This sets the energy of the planwaves (PW), which will be included. Only PWs with energies less than this cutoff energy are used in the calculation. ENCUT is generally in the range of 150 – 400 eV, default values for ENMIN and ENMAX are given in the POTCAR file. The value of ENCUT will vary depending on the setup and the system. You must find the correct value for ENCUT prior to any real runs. You will scan through ENCUT for values of 150, 200, 250, 300, 350. You will make a plot of the final energy for each run vs. the ENCUT value. 

To determine the an appropriate value of $E_{cut}$ for convergence, you will perform structure optimization calculations at 150, 200, 250, 300, and 350 eV. For all of these calculations, use a 6x6x6 grid of k-points generated via the Monkhorst-Pack scheme. For the rest of the VASP flags, use the settings specified in the input files you wrote in Part B.

#### Effect of k-point density on convergence

After you have determined an appropriate $E_{cut}$, you will evaluate convergence with k-point density. Using the value of $E_{cut}$ you found, perform structure optimization calculations for Monkhorst-Pack k-points grids from 2x2x2 to 12x12x12 until convergence is obtained. For the rest of the VASP flags, use the settings specified in the input files you wrote in Part B.

You will similarly need to perform the same convergence tests for the β-Sn structure (more information on details in Problem 2.)

**You can find a pymatgen walkthough for this problem in the notebook "01 - Problem 1.ipynb".**

---

## Problem 2: Determine the Phase Transformation Pressure

To determine the pressure at which Si undergoes a β-Sn $\rightarrow$ diamond cubic phase transformation, you will calculate the energy of the two structures as a function of volume per atom using the input parameters you determine in part 1. 

Calculating this curve for diamond cubic Si is straightforward - there is only one length scale in the diamond cubic structure, and this is set by the lattice parameter. Simply change the lattice parameter in the POSCAR file. This is slightly more difficult for the β-Sn structure because it is determined by two parameters, not just one. The parameters are a, the lattice parameter, and the ratio, c/a. In principle, at each volume, one needs to vary and c/a to put the crystal under a hydrostatic stress state, while maintaining the volume per atom, $\frac{a^2c}{4}$, constant.
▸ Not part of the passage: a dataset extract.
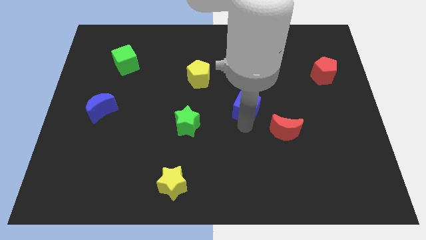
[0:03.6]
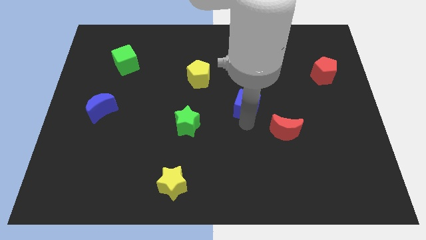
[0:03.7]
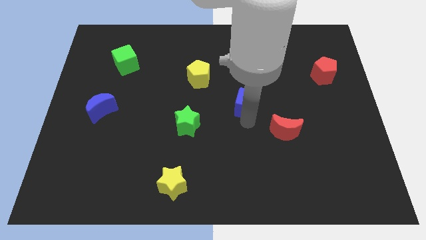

This, however, increases the complexity of your task immensely. We will, therefore assume that the ratio c/a does not vary as the volume is changed. This makes computing the energy vs. volume curve straightforward.

Use the same energy cut-off that you found for the diamond cubic structure, but you should check the k-point convergence, which will be slower here since c/a<1.

To find c/a for the β-Sn phase, you will need to relax the atomic structure. This can be accomplished using the INCAR flag ISIF = 3. As you learned in lecture, there are a number of flags that can be set to control the run. One is smearing to set the occupation of the electrons. When converging the electronic structure, one computes the energies at a number of k-points, sorts these energies from lowest to highest, and then occupies the lowest energy states. During the course of a structural relaxation, the specific states that get occupied can change (at each k-point there are a number of band states – these frequently have different symmetries and move up and down in energy at different rates as the potential changes during the numerical search for self-consistency). This change typically yields an abrupt jump in the total energy, and can lead to problems in the numerical approach to finding the self-consistent solution.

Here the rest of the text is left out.